Preferably, the establishing a historical data set according to the historical attack event, selecting sequence features and field features in the data stream from the historical data set based on Modbus TCP data stream features, and establishing a homologous attack analysis model based on the acquired sequence features and field features includes:
based on Modbus TCP data message format, converting sequence features and field features in data streams of a historical dataset into multidimensional vectors which can be used for feature learning in CNN according to key fields in honeypot data streams, and inputting the converted multidimensional vectors into CNN for convolution operation and maximum value pooling operation; and then taking the feature vector output by the CNN as an input layer of the LSTM, and calculating a weight matrix based on an attention mechanism to obtain a homologous attack analysis model.
Preferably, the weight matrix calculation based on the attention mechanism, to obtain a homologous attack analysis model, includes: and performing iterative optimization on the weight matrix by using a back propagation algorithm so as to obtain a homologous attack analysis model of the optimal feature vector.
Preferably, the comparing with the sequence feature and the field feature in the analysis model of homologous attack respectively further includes: normalizing the sequence features and the field features by a softmax activation function, and classifying according to the statistical distribution calculation probability of the normalization processing result to obtain a probability distribution result.
Preferably, the sequence features and the field features are normalized through the softmax activation function, the probability distribution results are obtained by classifying according to the statistical distribution calculation probability of the normalization processing results, and then model evaluation is carried out on the probability distribution results generated by the softmax activation function based on cross entropy loss.
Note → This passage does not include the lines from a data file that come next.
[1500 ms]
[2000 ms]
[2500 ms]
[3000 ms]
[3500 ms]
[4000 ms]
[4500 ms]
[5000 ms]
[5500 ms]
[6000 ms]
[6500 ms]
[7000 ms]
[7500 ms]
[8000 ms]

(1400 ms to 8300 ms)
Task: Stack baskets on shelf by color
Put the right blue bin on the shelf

A network homologous attack analysis system comprises a preprocessing module and an analysis module;
the preprocessing module is used for establishing a historical data set according to the historical attack event, selecting sequence features and field features in the data stream from the historical data set based on Modbus TCP data stream features, and establishing a homologous attack analysis model based on the acquired sequence features and field features;
the analysis module acquires sequence characteristics and field characteristics of an attacker about the data flow from the to-be-detected attack data, and compares the sequence characteristics and the field characteristics with the sequence characteristics and the field characteristics in the homologous attack analysis model respectively, so that attack source or attack organization information of the attack data is obtained.
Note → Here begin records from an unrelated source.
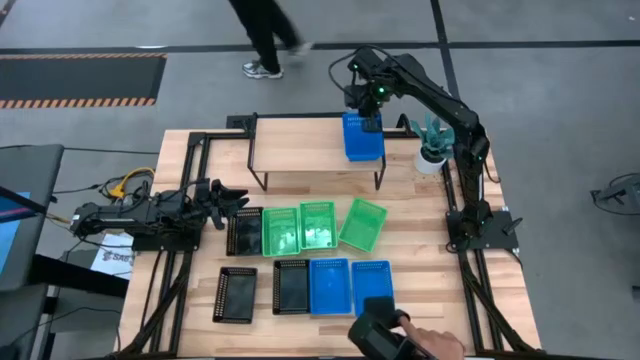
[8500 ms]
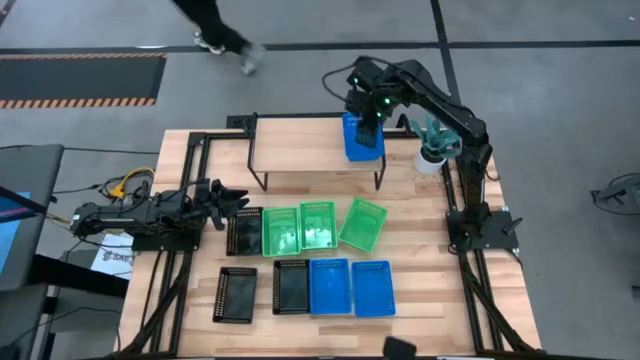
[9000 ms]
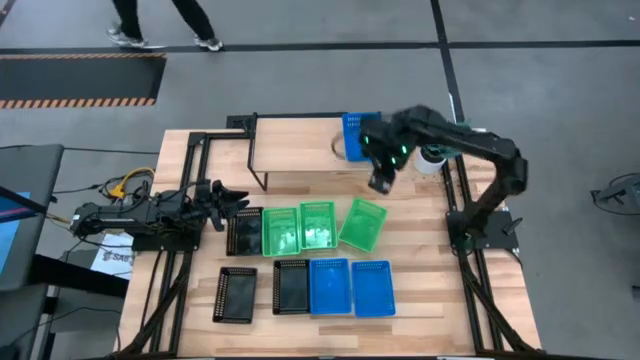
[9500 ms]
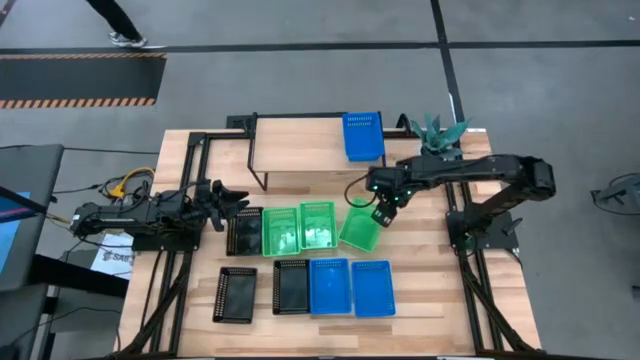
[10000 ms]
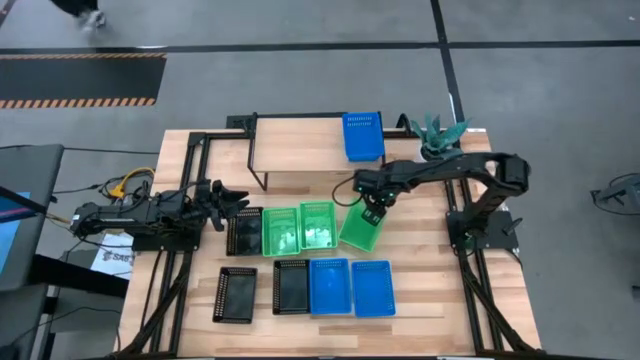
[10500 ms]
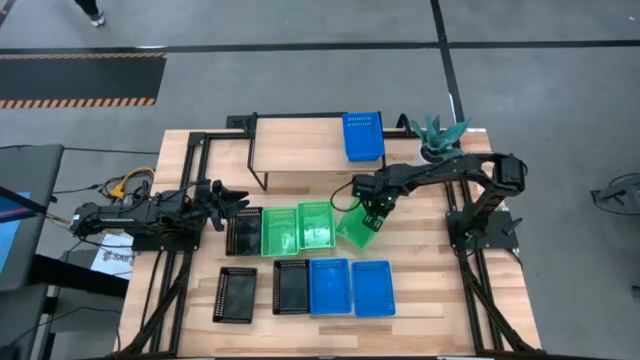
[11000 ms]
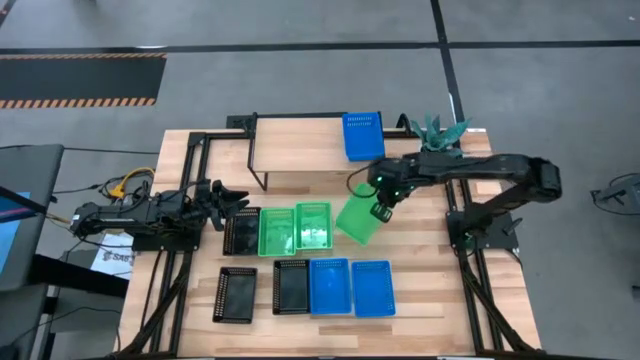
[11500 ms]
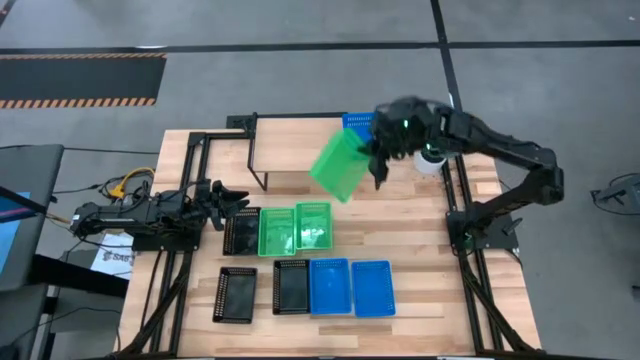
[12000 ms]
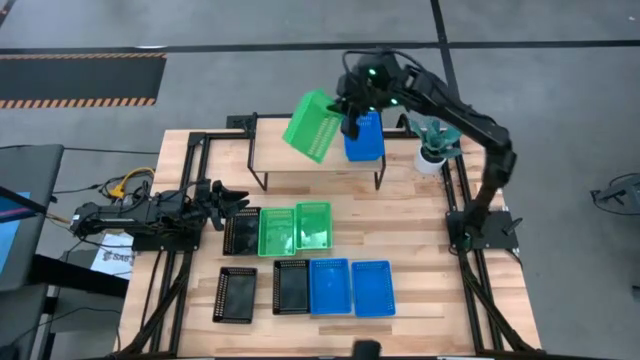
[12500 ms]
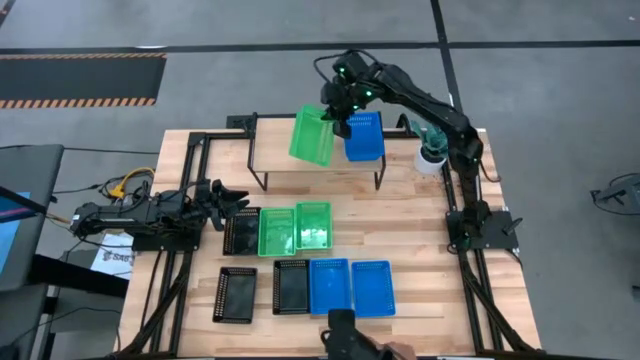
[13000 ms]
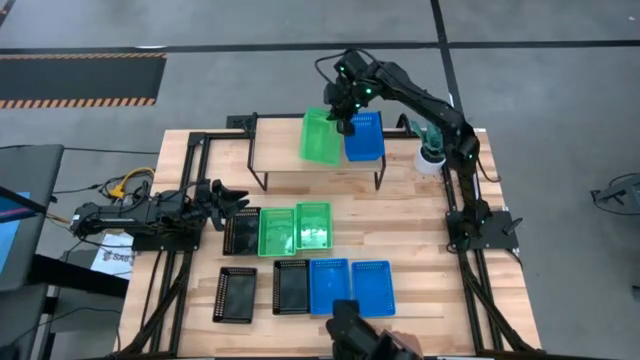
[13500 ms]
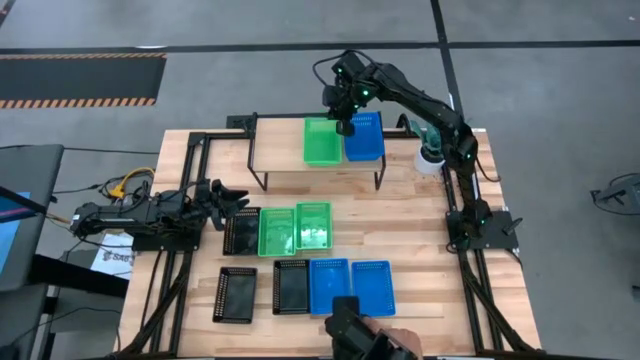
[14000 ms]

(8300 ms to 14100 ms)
Put the right green bin on the shelf

Preferably, the preprocessing module establishes a historical data set according to the historical attack event, selects sequence features and field features in the data stream from the historical data set based on Modbus TCP data stream features, and establishes a homologous attack analysis model based on the acquired sequence features and field features, wherein the establishing the homologous attack analysis model comprises the following steps: based on Modbus TCP data message format, converting sequence features and field features in data streams of a historical dataset into multidimensional vectors which can be used for feature learning in CNN according to key fields in honeypot data streams, and inputting the converted multidimensional vectors into CNN for convolution operation and maximum value pooling operation; then, taking the feature vector output by the CNN as an input layer of the LSTM, and carrying out weight matrix calculation based on an attention mechanism to obtain a homologous attack analysis model;
the weight matrix calculation is performed based on the attention mechanism to obtain a homologous attack analysis model, which comprises the following steps: and performing iterative optimization on the weight matrix by using a back propagation algorithm so as to obtain a homologous attack analysis model of the optimal feature vector.
Preferably, the analysis module is respectively compared with sequence features and field features in the homologous attack analysis model, and further includes: and normalizing the sequence features and the field features by a softmax activation function, and classifying according to the statistical distributive calculation probability of the normalization processing result.
A computer device comprising a memory, a processor and a computer program stored in the memory and executable on the processor, the processor implementing the steps of the network homology attack analysis method described above when the computer program is executed.
A computer readable storage medium storing a computer program which, when executed by a processor, implements the steps of the network homology attack analysis method described above.
Compared with the prior art, the invention has the following beneficial technical effects:
the invention relates to a network homologous attack analysis method, which comprises the steps of establishing a historical data set according to a historical attack event, selecting sequence features and field features in a data stream from the historical data set based on Modbus TCP data stream features, and establishing a homologous attack analysis model based on the acquired sequence features and field features; the method and the device can quickly and accurately acquire the homologous classification information of the attack data through comparing the sequence characteristics and the field characteristics, so that the latest attack and vulnerability launched by the server can be effectively prevented.
By means of the model optimization method based on the attention mechanism, unsupervised training and supervised adjustment are carried out on the homologous attack analysis model, so that the accuracy of model classification is greatly improved, and the accuracy of homologous attack analysis is improved.
Detailed Description
In order that those skilled in the art will better understand the present invention, a technical solution in the embodiments of the present invention will be clearly and completely described below with reference to the accompanying drawings in which it is apparent that the described embodiments are only some embodiments of the present invention, not all embodiments. All other embodiments, which can be made by those skilled in the art based on the embodiments of the present invention without making any inventive effort, shall fall within the scope of the present invention.
It should be noted that the terms "first," "second," and the like in the description and the claims of the present invention and the above figures are used for distinguishing between similar objects and not necessarily for describing a particular sequential or chronological order. It is to be understood that the data so used may be interchanged where appropriate such that the embodiments of the invention described herein may be implemented in sequences other than those illustrated or otherwise described herein. Furthermore, the terms "comprises," "comprising," and "having," and any variations thereof, are intended to cover a non-exclusive inclusion, such that a process, method, system, article, or apparatus that comprises a list of steps or elements is not necessarily limited to those steps or elements expressly listed but may include other steps or elements not expressly listed or inherent to such process, method, article, or apparatus.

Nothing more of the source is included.